It is hard to escape morality when discussing Nero.

Poster for Quo Vadis film (1912)
There is certainly evidence that the young emperor exploited his position in disorderly ways. Easrly in the reign, Julius Montanus, his wife, and a group of his slaves or friends met a gang of youths in the street. They took liberties with his wife and Montanus retaliated. Nero ended up with a black-eye and stayed out of view for several days. Nero would have let the incident pass, but Montanus apologised. Nero could not then pretend that he had not been involved. Nero responded to the apology, ‘So he knew he was hitting Nero’ and Montanus killed himself (Dio, 61. 9; Tacitus, Annales 13. 25).
The gang visited brothels and bars and made trouble. In a city without a police force, such a group could only be met with violence, and if people knew that it was Nero, then they would avoid intervening.

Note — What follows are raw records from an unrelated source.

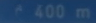
^{\mathrm{c}}400
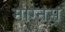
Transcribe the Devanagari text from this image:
माग्नस
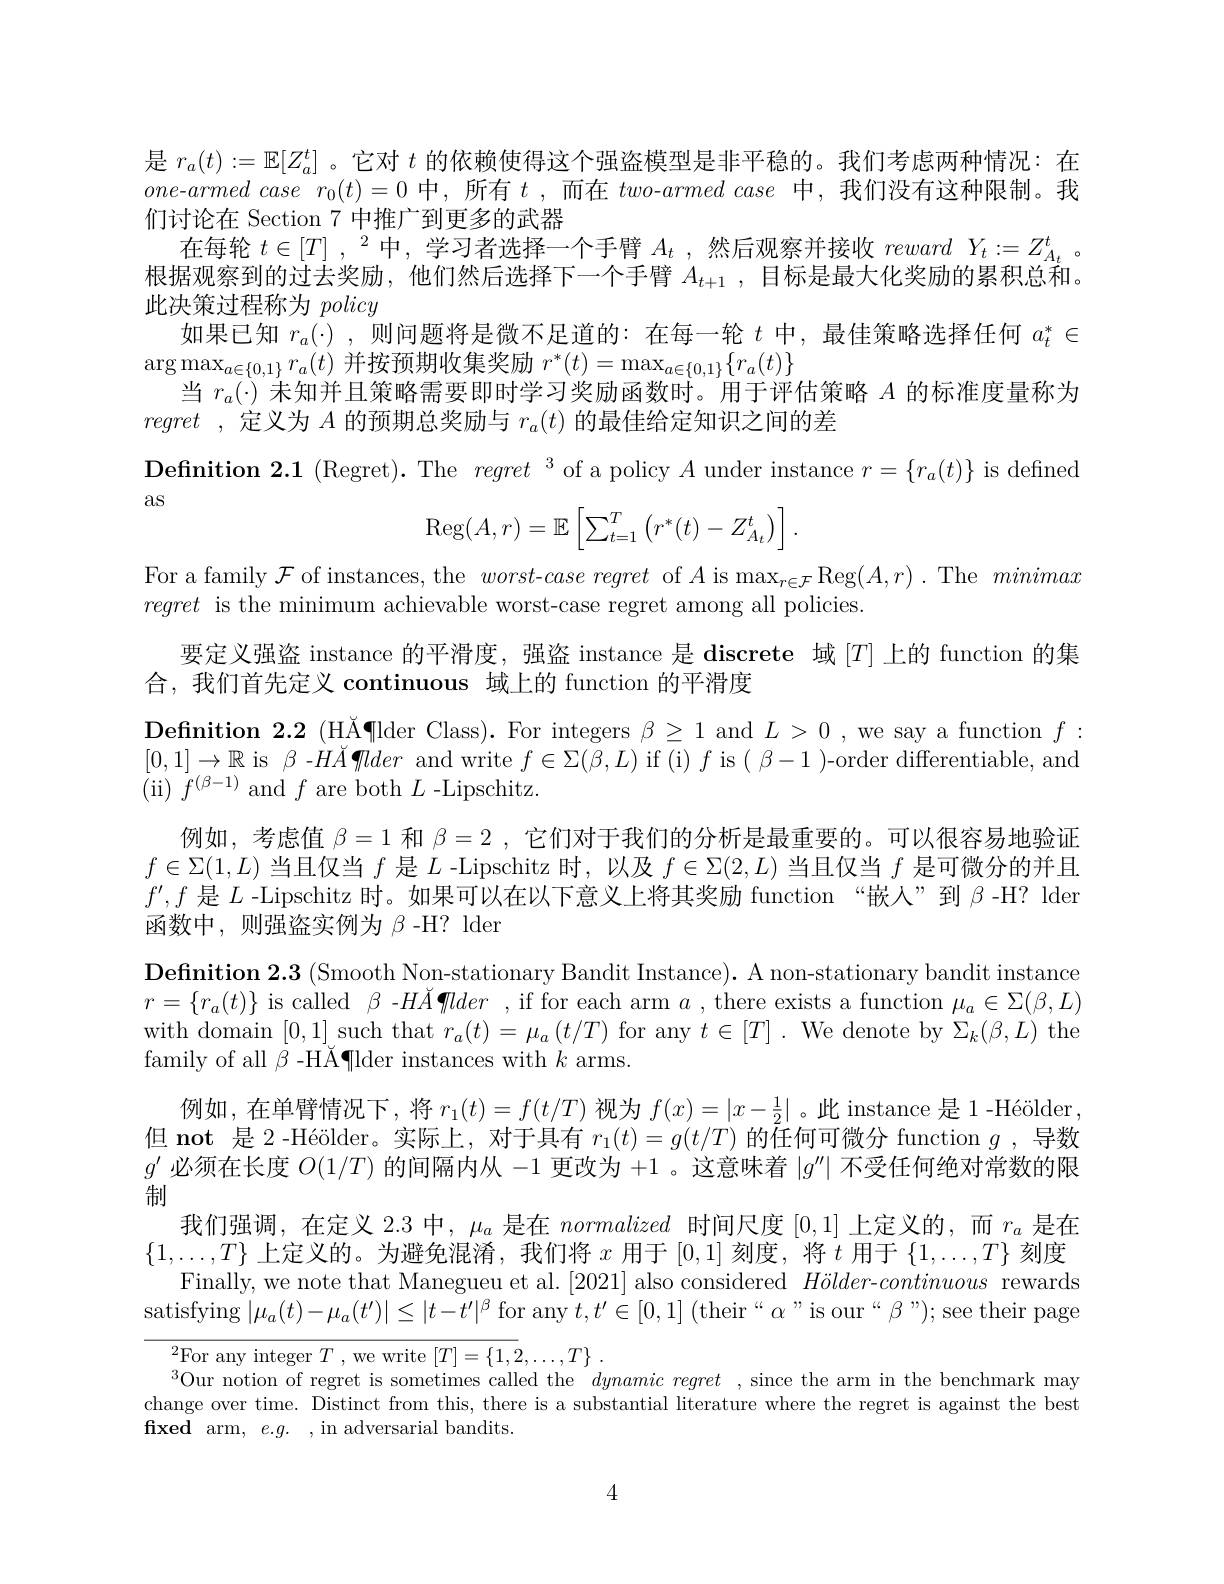
是$r_a(t):=\mathbb{E}[Z_a^t]$ 。它对$t$的依赖使得这个强盗模型是非平稳的。我们考虑两种情况：在$one-armed~case~r_0(t)=0~$中，所有 $t~,~$而在 $two-armed~case~$中，我们没有这种限制。我们讨论在 Section 7 中推广到更多的武器
在每轮$t\in[T]$ ,$^2$中，学习者选择一个手臂$A_t$ ,然后观察并接收reward $Y_t:=Z_{A_t}^t$ 。根据观察到的过去奖励，他们然后选择下一个手臂$A_t+ 1$ , 目标是最大化奖励的累积总和。此决策过程称为policy
如果已知$r_a(\cdot)$,则问题将是微不足道的：在每一轮$t$中，最佳策略选择任何$a_t^*\in$
$\arg\max_{a\in\{0,1\}}r_a(t)$并按预期收集奖励$r^*(t)=\max_{a\in\{0,1\}}\{r_a(t)\}$
当$r_a(\cdot)$未知并且策略需要即时学习奖励函数时。用于评估策略$A$的标准度量称为
regret ,定义为$A$的预期总奖励与$r_a(t)$的最佳给定知识之间的差

as

$\textbf{Definition 2. 1 ( Regret) . The }regret^{3}$ of a policy $A$ under instance $r=\{r_a(t)\}$ is defined
$$\operatorname{Reg}(A,r)=\mathbb{E}\left[\sum_{t=1}^T\left(r^*(t)-Z_{A_t}^t\right)\right].$$
For a family $\mathcal{F}$ of instances, the $worst- case\textit{regret of }A\text{is max}_{r\in \mathcal{F} }$Reg$(A,r).$The minimax
regret is the minimum achievable worst-case regret among all policies.
要定义强盗 instance 的平滑度，强盗 instance 是 discrete 域 [T]上的 function 的集
合，我们首先定义 continuous 域上的 function 的平滑度
$\begin{array}{l}\textbf{Definition 2.2(H\u{A}\P lderClass).For integers}\beta\geq1\mathrm{~and~}L>0,\text{we say a function }f:\\[0,1]\to\mathbb{R}\mathrm{~is~}\beta-H\u{A}\P lder\mathrm{~and~write~}f\in\Sigma(\beta,L)\mathrm{~if~(i)~}f\mathrm{~is~}(\beta-1)\text{-order differentiable, and}\end{array}$
(ii)$f^{(\beta-1)}$and$f$are both$L$-Lipschitz.
例如，考虑值$\beta=1$和$\beta=2$ ,它们对于我们的分析是最重要的。可以很容易地验证$f\in\Sigma(1,L)$当且仅当$f$是$L$ -Lipschitz 时，以及$f\in\Sigma(2,L)$当且仅当$f$是可微分的并且$f^{\prime},f$是$L$ -Lipschitz 时。如果可以在以下意义上将其奖励 function“嵌人”到$\beta$-H? lder 函数中，则强盗实例为$\beta$ -H? lder
$\textbf{Definition 2. 3 ( Smooth Non- stationary Bandit Instance) . A non- stationary bandit instance}$ $r=\{r_a(t)\}$ is called $\beta$ -$H\breve{A}\P lder$, if for each arm $a$ , there exists a function $\mu_a\in\Sigma(\beta,L)$ with domain [0,1]such that $r_a(t)=\mu_a(t/T)$ for any $t\in[T].$ We denote by $\Sigma_k(\beta,L)$ the family of all $\beta$ -HĂ¶lder instances with $k$ arms.
例如，在单臂情况下，将$r_1(t)=f(t/T)$视为$f(x)=|x-\frac12|$。此 instance 是1-Héölder 但 not 是 2 -Héölder。实际上，对于具有$r_1(t)=g(t/T)\bar{\text{的任何可微分 function }g}$,导数$g^{\prime}$必须在长度$O(1/T)$的间隔内从-1更改为 +1 。这意味着$|g^\prime\prime|$不受任何绝对常数的限制
我们强调，在定义 2.3 中，$\mu_a$是在 normalized 时间尺度[0,1]上定义的，而$r_a$是在$\{1,\ldots,T\}$上定义的。为避免混淆，我们将$x$用于[0,1]刻度，将$t$用于$\{1,\ldots,T\}$刻度
Finally, we note that Manegueu et al. [2021] also considered $H\ddot{o}lder-continuous$ rewards satisfying $|\mu_a(t)-\mu_a(t')|\leq|t-t'|^\beta$ for any $t, t^{\prime }\in [ 0, 1]$( their“ α " is our“ β ” );see their page
$^{2}$For any integer $T$ , we write $[ T] = \{ 1, 2, \ldots , T\}$ .
$^{3}$Our notion of regret is sometimes called the $dynamic\textit{regret , since the arm in the benchmark may}$ change over time. Distinct from this, there is a substantial literature where the regret is against the best

fixed arm, $e.g.$ ,in adversarial bandits.

4

This was riotous behaviour of rich and powerful boys, but is given meaning by the immorality of Nero’s later behaviour. This hinted at in the stories of the Iuvenalia, but reaches it’s sensationalist height with a festival event held by Nero and his praetorian prefect, Tigellinus, held in 64 (Tacitus, Annales 15.37). The detail is given by Dio (62.15). After a series of games, the emperor held a public banquet. The additional excitement was provided (supposedly) by the prostitution of multiple women in booths erected round the theatre. Women were chosen without respect of status or youth: married women, girls, women of the poor, women of high status. We simply cannot assess the veracity of such stories.
Nero’s own sexual behaviour was unconventional. He supposedly seduced a vestal. In addition to his multiple marriages, he celebrated two ‘marriages’ to men, Pythagoras and Sporus, the latter being castrated. The open nature of these relationships causes more interest than the fact of the relationships themselves. Romans worried about status issues within homosexual relationships and received Greek ideas about the proper role for a man being to penetrated the object of his affections. But Nero advertised himself as taking both the male (penetrating) and female (penetrated) roles. Sporus also supposedly went with him to Greece, a royal consort. Other wild stories of Nero’s sexual activities circulated, stories of sadistic sexual attacks on victims while he was wearing animal skins. All these stories suggest that Nero was out of control, a tyrant enslaved by his passions and incapable of ruling himself or an empire (Suetonius, Nero 28–9; 35; Dio, 62. 28.2–3; 63. 13.)
We could look at the behaviours of Nero in the same light as those of other emperors. We could think of him as behaving in the same terroristic way as Gaius, for instance. But even if this was na expression of power, it operated in different ways.
There was the individual display: Nero advertised his homosexual relationships. But who would be impressed by his relationship with Sporus? The sex was in defiance of convention, and it may have been that Nero wanted to shock. But Nero did not share Gaius’ fondness for shocking the more conventional. More likely, the public nature of the relationship was sending a message: Nero could behave in an unconventional manner, but also reinvent the rules of relationships. He was not to be bound by the past and convention, and this made new relationships and new cultural expressions possible. It is no coincidence that Sporus was taken to Greece: there was theatricality to what was being done.
But there was also the group activities. Whatever we make of the orgiastic activities and the veracity of the reports, it seems likely that some level of wildness was involved in these celebrations. What did this do? No doubt it caused some individuals considerable pain. But others were joined together. They could celebrate the absence of rules, the anarchy that Nero offered them. Nero could make this happen. He could sweep away everything and for some create a landscape of pleasure. There is a close relationship between the architectural extravagance and the moral boundary breaking.
In the end, what made Rome Roman? Rome was a a traditional society with a traditional hierarchy that traced itself back over 700 years. There were rules and customs. There were ways of behaving that were set in time and legend.
After 59, Nero the matricide appears to have decided that those rules did not apply. He could invent new rules. In many ways, Nero ran his regime in opposition to the old order. He offered an empire of culture that looked to other, more Greek models, of imperial power. In the end, of course, the old order triumphed, but if the political situation had not turned against him in the late 60s, it is possible that the Neronian model of what it was to be a Roman might have succeeded.